5.2 Definition [1, 2]
5.2.1 Prelabor Rupture of Membranes (PROM)
Prelabor rupture of membranes is defined as rupture of membranes before the onset of labor.
5.2.2 Term Prelabor Rupture of Membranes (TPROM)
When the rupture of membranes occurs beyond 37 weeks but before the onset of labor, it is called term prelabor rupture of membranes.
5.2.3 Preterm Prelabor Rupture of Membranes (PPROM)
When the rupture of membranes occurs before 37 completed weeks but before the onset of labor, it is called preterm prelabor rupture of membranes.
5.2.4 Prolonged Rupture of Membranes
Rupture of membranes for >24 h before delivery is called prolonged rupture of membranes.
5.3 Incidence [3–5]
PROM occurs in approximately 10% of all pregnancies, and in 70% of these cases, it occurs in pregnancies at term.
PPROM occurs in 3% of all pregnancies and is responsible for approximately 30% of all preterm deliveries.
5.4 Etiology [5–7]
Subclinical intrauterine infection is a major predisposing factor, especially at early gestation.
Women with PPROM in previous pregnancy are at increased risk for recurrence in next pregnancy.
Prior preterm labor in the current pregnancy.
Low socioeconomic status.
Body mass index ≤19.8.
Nutritional deficiencies.
Smoking.
Sexually transmitted infections (STIs) in female.
Cervical conization in the past.
Uterine distention (e.g., multiple pregnancy, hydramnios).
Cervical cerclage done for cervical incompetence.
Vaginal bleeding during pregnancy.
Presence of a short cervix (< 25 mm by TVS).
Invasive procedures during pregnancy (e.g., amniocentesis, chorionic villi sampling).
Though there are so many of these known risk factors, still none could be identified in most cases of preterm labor.
The underlying pathophysiology in PROM is considered to be collagen degradation in the fetal membranes caused by increased metalloproteinases. Also in pregnancies complicated by PPROM, amnion also exhibits a higher degree of cell death and apoptosis regulated by bacterial endotoxin, interleukin-1, and tumor necrosis factor-α. These all result in a weakened amnion [6].
5.5 Result of PROM [4]
If managed expectantly, half of the women with TPROM deliver within 5 h and 95% within 28 h. Also, whatsoever may be the clinical presentation or obstetric management, delivery occurs within 1 week of rupture of membranes in 50% of cases with PPROM.
5.6 Diagnosis
To decide for gestational age-specific obstetric management.

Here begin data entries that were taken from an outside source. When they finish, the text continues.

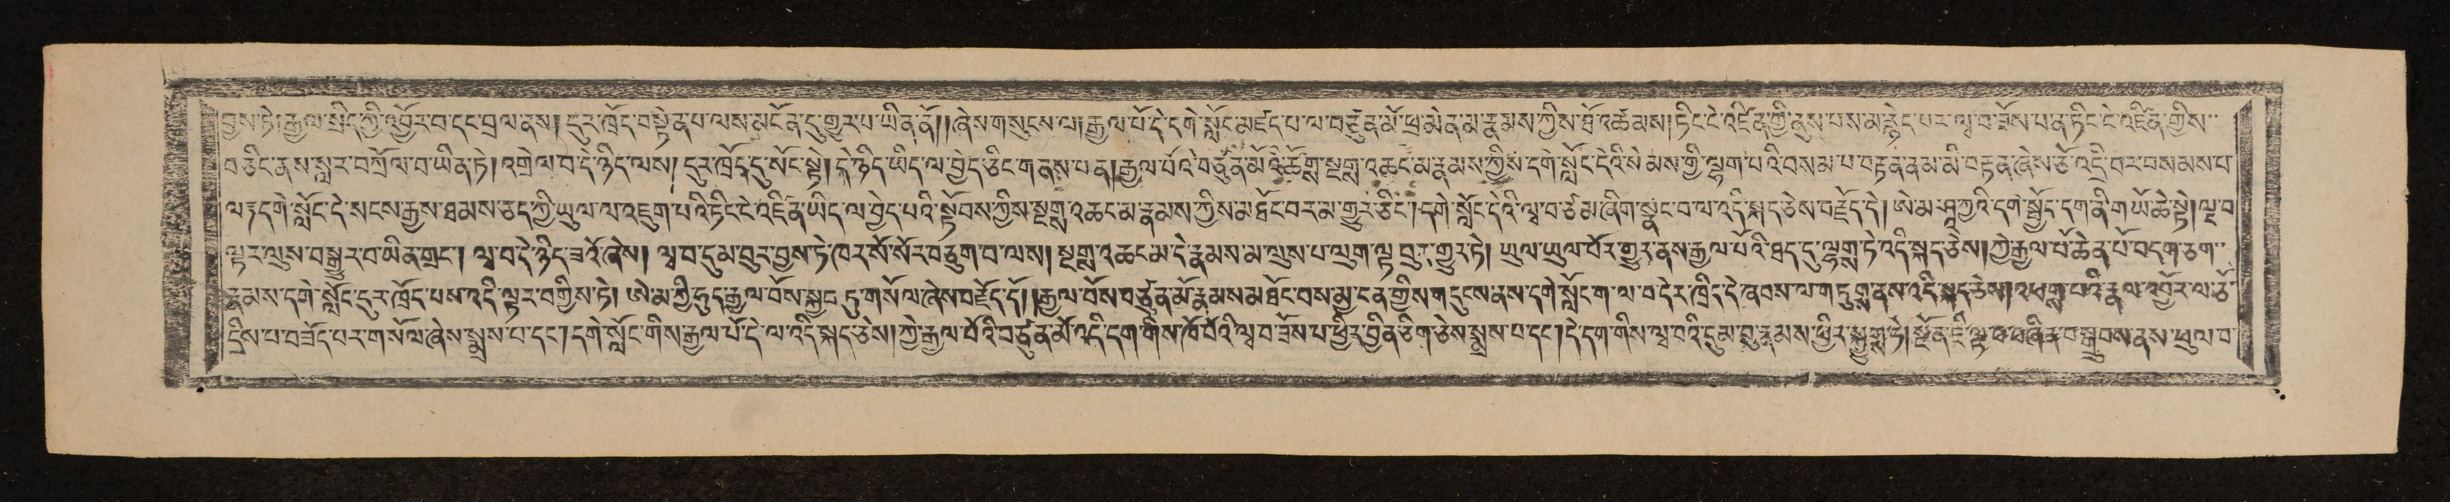བྱས་ཏེ། རྒྱལ་སྲིད་ཀྱི་འབྱོར་བ་དང་བྲལ་ནས། དུར་ཁྲོད་བསྟེན་པ་ལས་མངོན་དུ་གྱུར་པ་ཡིན་ནོ། །ཞེས་གསུངས་ལ། རྒྱལ་པོ་དེ་དགེ་སློང་མཛད་པ་ལ་བཙུན་མོ་ཕྲ་མེན་མ་རྣམས་ཀྱིས་ཐོ་འཚམས། ཏིང་ངེ་འཛིན་གྱི་ནུས་བསམ་རྙེད་པར་ལྭ་བཟོས་བན་ཏིང་ངེ་འཛིན་གྱིས་
བཅིང་ནས་སླར་བཀྲོལ་བ་ཡིན་ཏེ། འགྲེལ་པ་དེ་ཉིད་ལས། དུར་ཁྲོད་དུ་སོང་སྟེ། དེ་ཉིད་ཡིད་ལ་བྱེད་ཅིང་གནས་པ་ན། རྒྱལ་པོའི་བཙུན་མོའི་ཚོགས་སྔགས་འཆང་མ་རྣམས་ཀྱིས་དགེ་སློང་དེའི་སེམས་ཀྱི་ལྷག་པའི་བསམ་པ་བརྟན་ནམ་མི་བརྟན་ཞེས་ཅོ་འདྲི་བར་བསམས་པ་
ལ༑ དགེ་སློང་དེ་སངས་རྒྱས་ཐམས་ཅད་ཀྱི་ཡུལ་ལ་འཇུག་པའི་ཏིང་ངེ་འཛིན་ཡིད་ལ་བྱེད་པའི་སྟོབས་ཀྱིས་སྔགས་འཆང་མ་རྣམས་ཀྱིས་མཐོང་བར་མ་གྱུར་ཅིང་། དགེ་སློང་དེའི་ལྭ་བ་ཙམ་ཞིག་སྣང་བ་ལ་འདི་སྐད་ཅེས་བརྗོད་དེ། ཨེ་མ་ཤཱཀྱའི་དགེ་སྦྱོང་དག་ནི་གཡོ་ཆེ་སྟེ། ལྭ་བ་
ལྟར་ལུས་བསྒྱུར་པ་ཡིན་གྲང་། ལྭ་བ་དེ་ཉིད་ཟའོ་ཞེས། ལྭ་བ་དུམ་བུར་བྱས་ཏེ་ཁར་སོ་སོར་བཅུག་པ་ལས། སྔགས་འཆང་མ་དེ་རྣམས་མ་ལུས་པ་ལུག་ལྟ་བུར་གྱུར་ཏེ། ཡུལ་ཡུལ་བོར་གྱུར་ནས་རྒྱལ་པོའི་ཐད་དུ་ལྷགས་ཏེ་འདི་སྐད་ཅེས། ཀྱེ་རྒྱལ་པོ་ཆེན་པོ་བདག་ཅག་
རྣམས་དགེ་སློང་དུར་ཁྲོད་པས་འདི་ལྟར་བགྱིས་ཏེ། ཨེ་མ་ཀྱེ་ཧུད་རྒྱལ་པོས་སྐྱབ་ཏུ་གསོལ་ཞེས་བརྗོད་དོ། །རྒྱལ་པོས་བཙུན་མོ་རྣམས་མཐོང་བས་མྱ་ངན་གྱིས་གདུངས་ནས་དགེ་སློང་ག་ལ་བ་དེར་ཁྲིད་དེ་ཞབས་ལ་གཏུགས་ནས་འདི་སྐད་ཅེས། འཕགས་པའི་རྣལ་འབྱོར་ལ་ཅོ་
དྲིས་བ་བཟོད་པར་གསོལ་ཞེས་སྨྲས་པ་དང་། དགེ་སློང་གིས་རྒྱལ་པོ་དེ་ལ་འདི་སྐད་ཅེས། ཀྱེ་རྒྱལ་པོའི་བཙུན་མོ་འདི་དག་གིས་ཁོ་བོའི་ལྭ་བཟོས་པ་ཕྱིར་བྱིན་ཅིག་ཅེས་སྨྲས་པ་དང་། དེ་དག་གིས་ལྭ་བའི་དུམ་བུ་རྣམས་ཕྱིར་སྐྱུགས་ཏེ། སྔོན་ཇི་ལྟ་བ་བཞིན་བསྒྲུབས་ནས་ཕུལ་བ་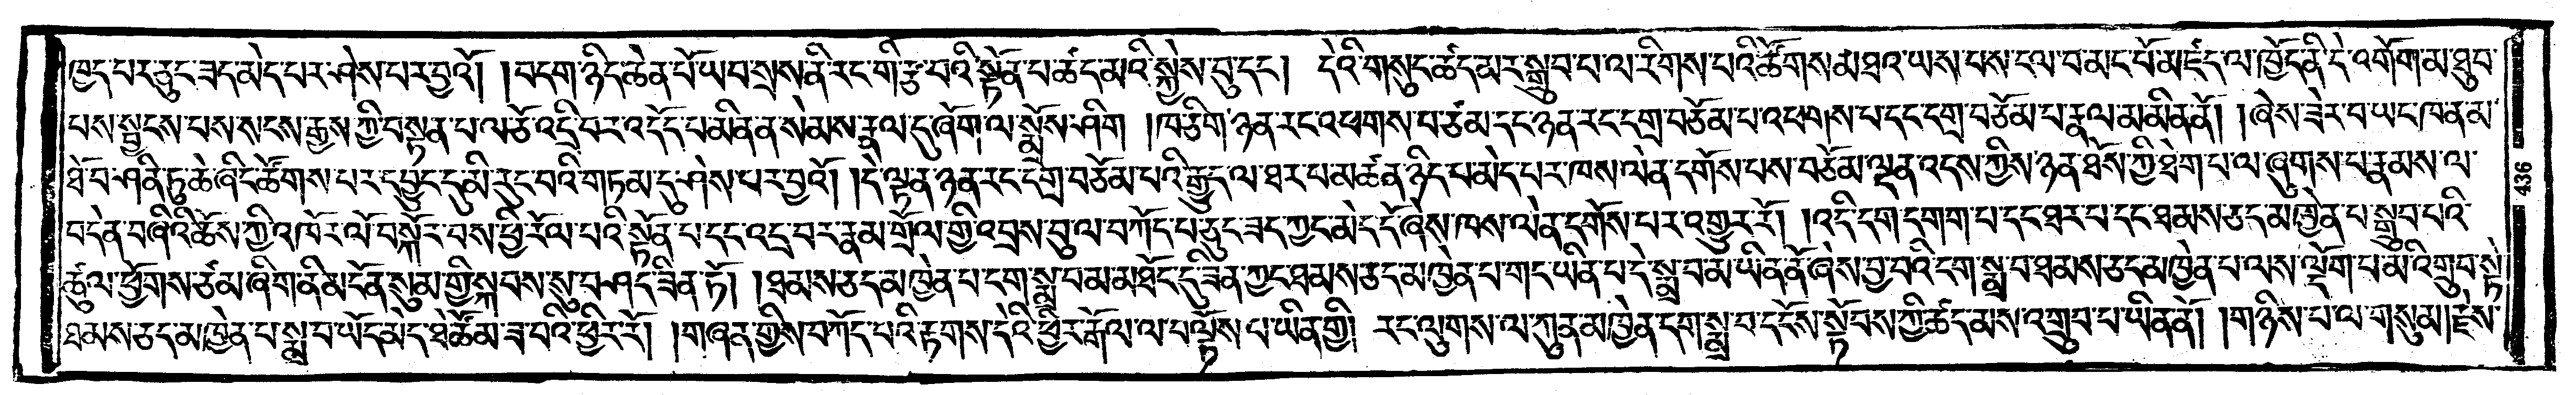ཁྱད་པར་ཅུང་ཟད་མེད་པར་ཤེས་པར་བྱའོ། །བདག་ཉིད་ཆེན་པོ་ཡབ་སྲས་ནི་རང་གི་རྩ་བའི་སྟོན་པ་ཚད་མའི་སྐྱེས་བུ་དང་། དེའི་གསུང་ཚད་མར་སྒྲུབ་པ་ལ་རིགས་པའི་ཚོགས་མཐའ་ཡས་པས་ངལ་བ་མང་པོ་མཛད་ལ་ཁྱོད་ནི་དེ་འགོག་མ་ཐུབ་
པས་སྦྱངས་པས་སངས་རྒྱས་ཀྱི་བསྟན་པ་ལ་ཅོ་འདྲི་བར་འདོད་པ་མིན་ན་སེམས་རྣལ་དུ་ཞོག་ལ་སྨྲོས་ཤིག །ཁ་ཅིག་ཉན་རང་འཕགས་པ་ཙམ་དང་ཉན་རང་དགྲ་བཅོམ་པ་འཕགས་པ་དང་དགྲ་བཅོམ་པ་རྣལ་མ་མིན་ནོ། །ཞེས་ཟེར་བ་ཡང་ཁ་ན་མ་
ཐོ་བ་ཤིན་ཏུ་ཆེ་ཞིང་ཚོགས་པར་དབྱུང་དུ་མི་རུང་བའི་གཏམ་དུ་ཤེས་པར་བྱའོ། །དེ་ལྟ་ན་ཉན་རང་དགྲ་བཅོམ་པའི་རྒྱུད་ལ་ཐར་པ་མཚན་ཉིད་པ་མེད་པར་ཁས་ལེན་དགོས་པས་བཅོམ་ལྡན་འདས་ཀྱིས་ཉན་ཐོས་ཀྱི་ཐེག་པ་ལ་ཞུགས་པ་རྣམས་ལ་
བདེན་བཞིའི་ཆོས་ཀྱི་འཁོར་ལོ་བསྐོར་བས་ཕྱི་རོལ་བའི་སྟོན་པ་དང་འདྲ་བར་རྣམ་གྲོལ་གྱི་འབྲས་བུ་ལ་བཀོད་པ་ཅུང་ཟད་ཀྱང་མེད་དོ་ཞེས་ཁས་ལེན་དགོས་པར་འགྱུར་རོ། །འདི་དག་དགག་པ་དང་ཐར་པ་དང་ཐམས་ཅད་མཁྱེན་པ་སྒྲུབ་པའི་
ཚུལ་ཕྱོགས་ཙམ་ཞིག་ནི་མངོན་སུམ་གྱི་སྐབས་སུ་བཤད་ཟིན་ཏོ། །ཐམས་ཅད་མཁྱེན་པ་ངག་སྨྲ་བ་མ་མཐོང་དུ་ཟིན་ཀྱང་ཐམས་ཅད་མཁྱེན་པ་གང་ཡིན་པ་དེ་སྨྲ་བ་མ་ཡིན་ནོ་ཞེས་བྱ་བའི་ངག་སྨྲ་བ་ཐམས་ཅད་མཁྱེན་པ་ལས་ལྡོག་པ་མི་འགྲུབ་སྟེ་
ཐམས་ཅད་མཁྱེན་པ་སྨྲ་བ་ཡོད་མེད་ཐེ་ཚོམ་ཟ་བའི་ཕྱིར་རོ། །གཞན་གྱིས་བཀོད་པའི་རྟགས་དེའི་ཕྱིར་རྒོལ་ལ་བལྟོས་པ་ཡིན་གྱི། རང་ལུགས་ལ་ཀུན་མཁྱེན་དག་སྨྲ་བ་དངོས་སྟོབས་ཀྱི་ཚད་མས་འགྲུབ་པ་ཡིན་ནོ། །གཉིས་པ་ལ་གསུམ། རྗེས་

There is increased possibility of cord prolapse and cord compression if the presenting part is not fixed.
If delivery is delayed after rupture of membranes, intrauterine infection is more likely as time interval increases.
History.
Sterile speculum examination.
Ultrasonography.
5.6.1 History
Patient gives typical history of sudden gush of liquor. At times patient gives history of intermittent leaking, continuous leaking of small amount of fluid, or just a feeling of wetness. Thus detailed history of amount, color, and smell of liquor should be elicited. History of time of rupture of membranes should be taken. History of perception of fetal movements should also be taken.
5.6.2 Sterile Speculum Examination
There will be presence of pool of amniotic fluid in posterior fornix also known as amniorrhexis.
Clear fluid may be seen coming out from cervical canal.
If no fluid is seen, we can ask the patient to cough as this may cause liquor to drain.
By doing per speculum examination, we can also estimate cervical dilatation, exclude cord prolapse, and take cultures [4].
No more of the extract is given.